Apple Liquid Glass Tinted Option: Customization Returns to iOS 26 and macOS 26
Apple’s latest update introduces the Liquid Glass Tinted option, giving users control over how their interface appears across iOS 26, iPadOS 26, and macOS 26. This small but meaningful change highlights a growing theme in Apple’s design approach—combining innovation with adaptability.
Revisiting Liquid Glass: A Bold Redesign Meets User Feedback
The Liquid Glass interface marked Apple’s biggest visual overhaul since its move from skeuomorphic to flat design in 2013. The new transparent aesthetic, first released with iOS 26, modernized the experience—but it also divided opinion.
While many praised its refined, glass-like finish, others found the transparency made interface elements harder to read, particularly in apps such as Apple Music and through notifications. Apple’s response: give users a choice.
The new Liquid Glass Tinted option increases opacity, improving readability without losing the design’s modern look. It’s a pragmatic response that acknowledges user feedback while preserving Apple’s design vision.

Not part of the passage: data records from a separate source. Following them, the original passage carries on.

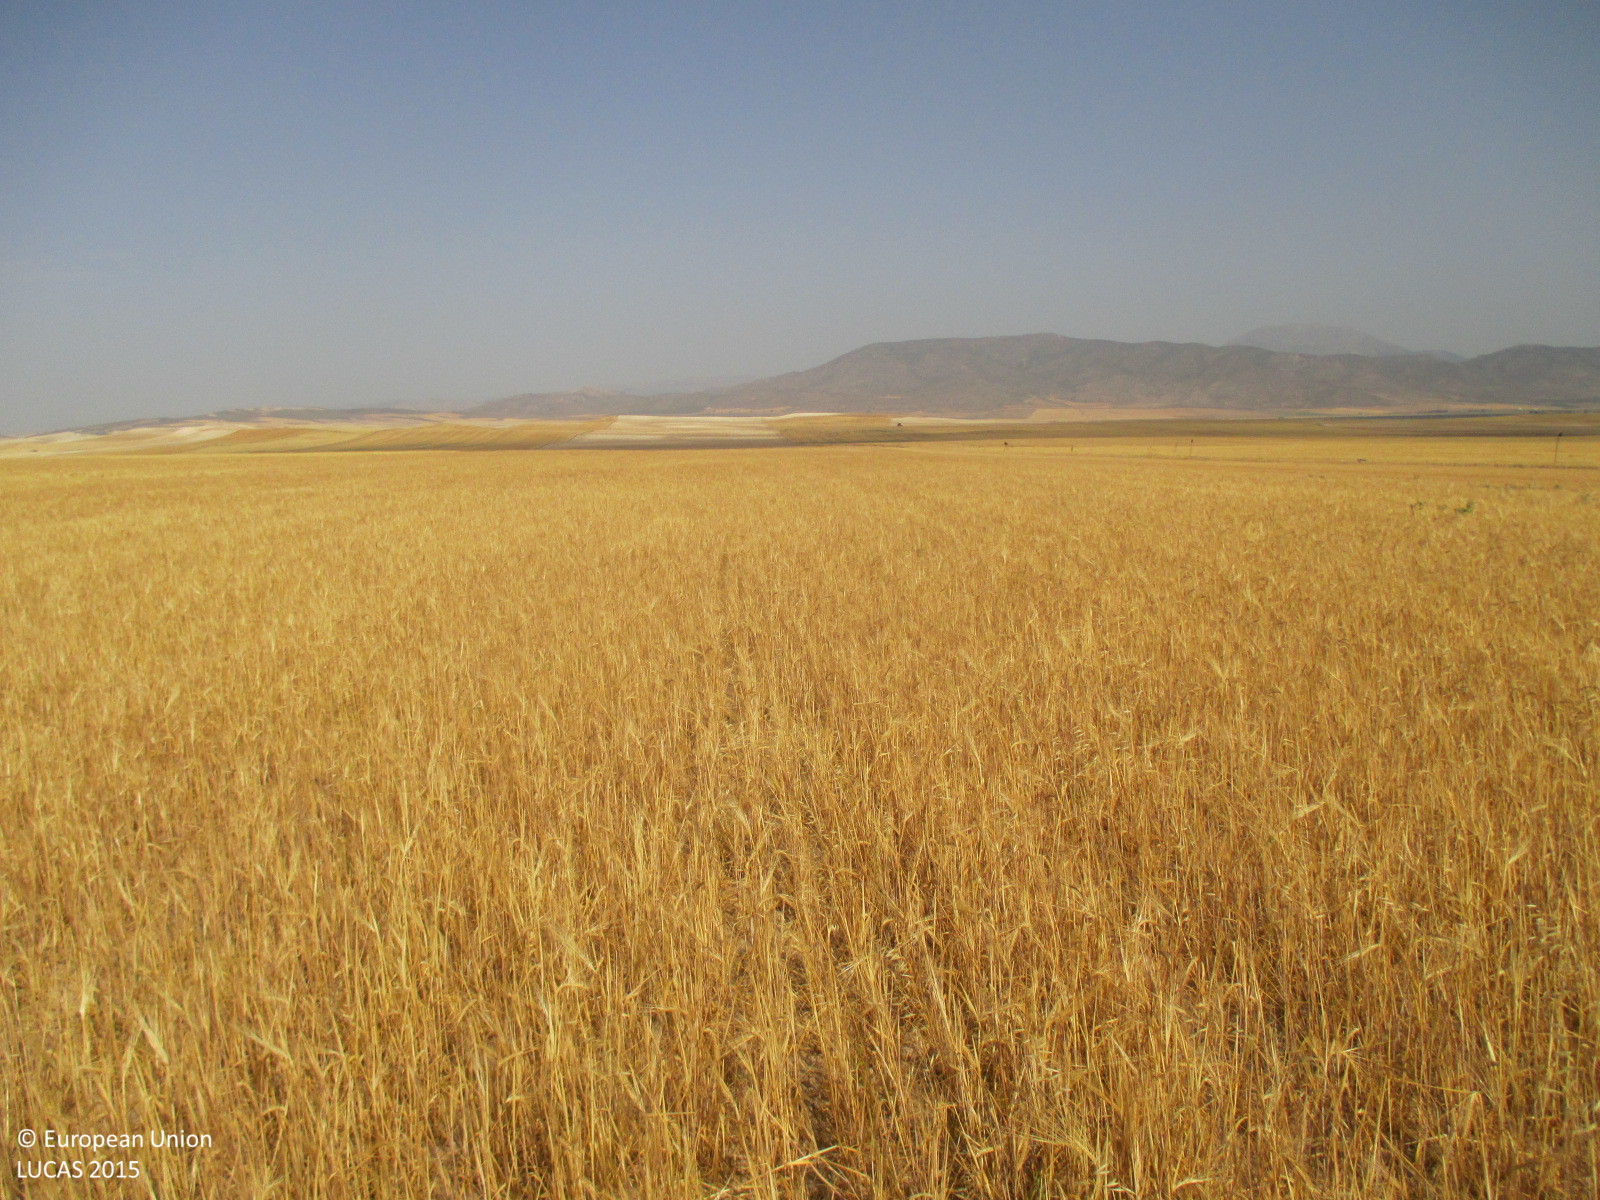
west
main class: Cropland
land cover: Barley
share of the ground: 50 - 75 %
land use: Agriculture (excluding fallow land and kitchen gardens)
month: July
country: ES
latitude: 37.7936
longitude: -2.4010

Balancing Control and Simplicity
Apple’s latest beta update introduces a two-level control—Clear or Tinted—accessible via the “Display & Brightness” menu on iOS and iPadOS, and under “Appearance” in macOS System Settings. Rather than adding a slider for fine-tuning opacity, Apple chose simplicity.
Developers who already implemented Liquid Glass in their apps will automatically inherit the user’s preferred setting, ensuring consistency across both Apple and third-party experiences. The new customization appears in version 26.1 betas for iPhone, iPad, and Mac, with wider availability expected soon.

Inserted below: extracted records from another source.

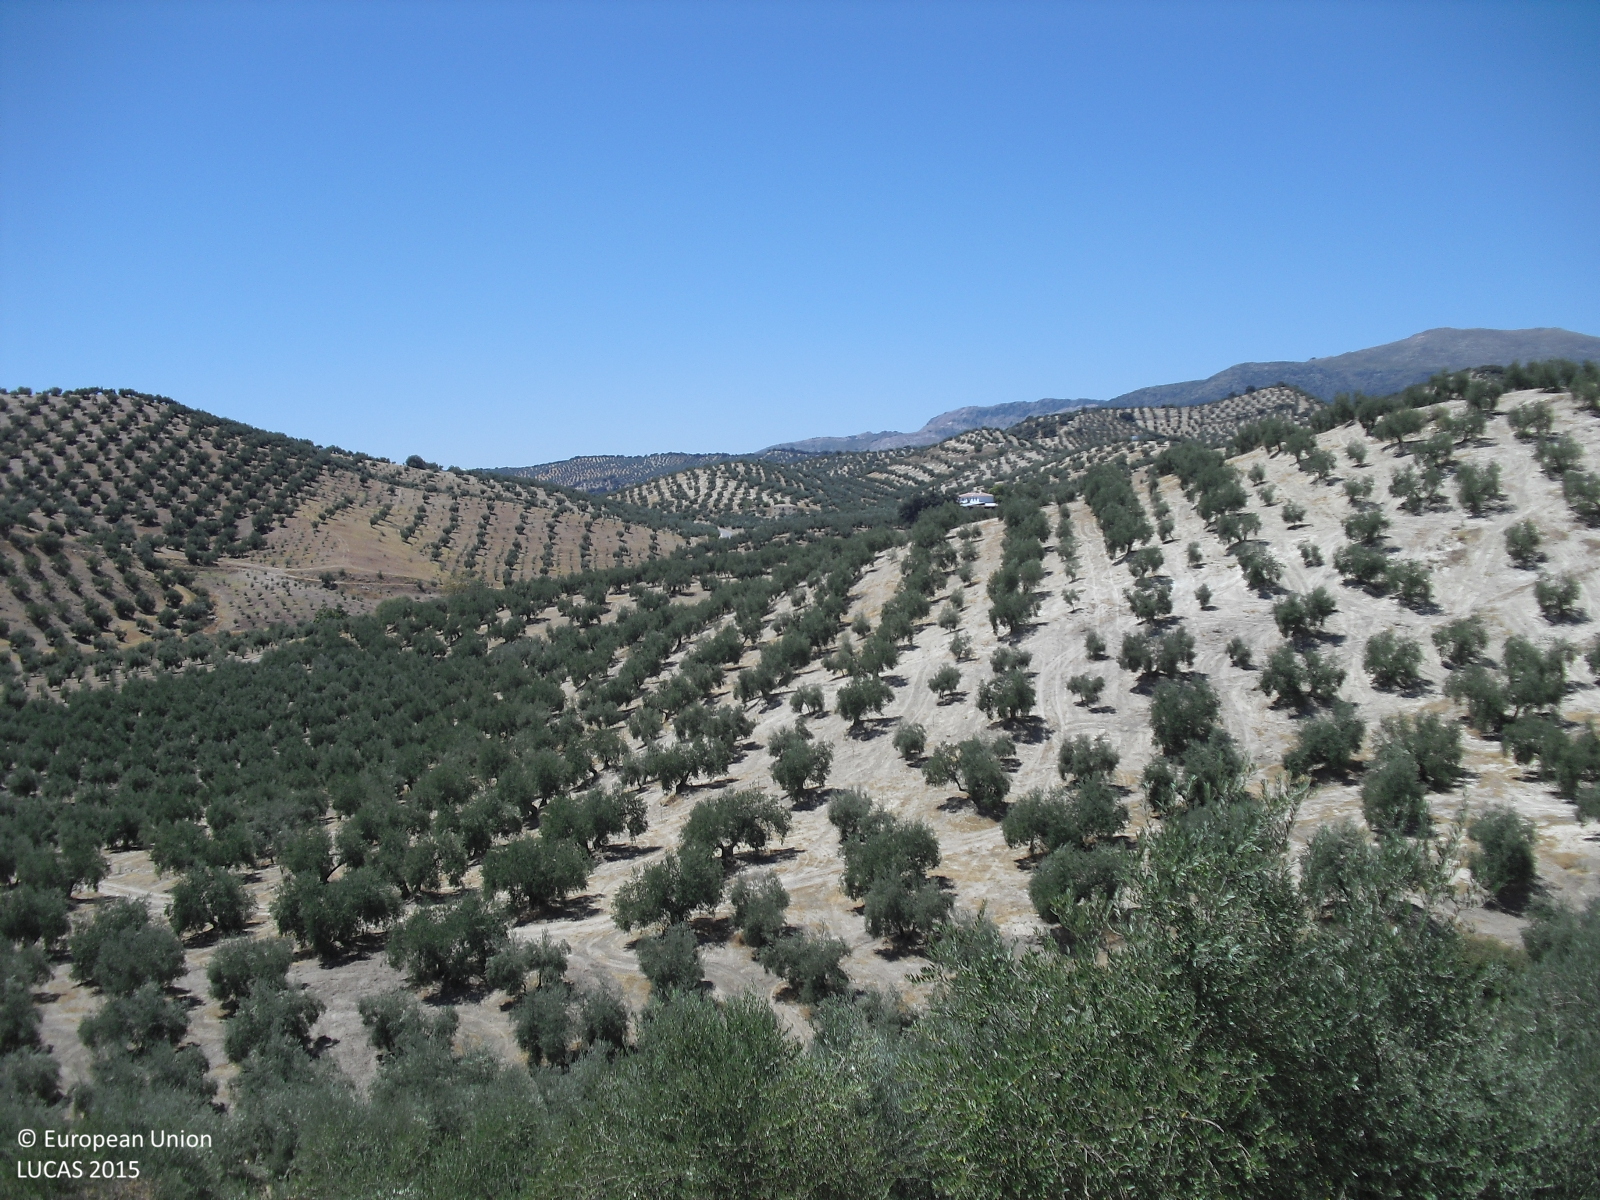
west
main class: Cropland
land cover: Olive groves
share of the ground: 25 - 50 %
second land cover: Spontaneously vegetated surfaces
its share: 25 - 50 %
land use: Agriculture (excluding fallow land and kitchen gardens)
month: August
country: ES
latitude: 37.3432
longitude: -4.1641

This streamlined toggle underlines Apple’s ongoing effort to offer personalization without complicating its user interface—a careful balance between minimalism and control.

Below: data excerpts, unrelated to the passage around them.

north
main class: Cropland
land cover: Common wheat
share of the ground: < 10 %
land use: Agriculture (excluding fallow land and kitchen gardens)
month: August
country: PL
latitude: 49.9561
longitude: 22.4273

A Familiar Playbook of Adaptability
This isn’t the first time Apple has adjusted a design decision based on user sentiment. When Safari’s address bar moved to the bottom of the screen in 2021, initial backlash prompted Apple to reintroduce an option to revert it to the top.
The Liquid Glass Tinted option follows the same principle: maintain innovation, but give users room to adapt. It reflects Apple’s acknowledgment that usability and comfort matter as much as visual innovation.
User Experience as a Two-Way Dialogue
The update also reveals a more collaborative design philosophy. By offering customization early in the product cycle, Apple signals an intent to integrate user feedback into its design ecosystem faster than before.
This evolution suggests that future Apple software may lean more toward configurable visual systems—where aesthetics remain cutting-edge, but flexibility becomes an expectation rather than an afterthought.
As interface design becomes more adaptive, will future users expect every visual element to be customizable by default?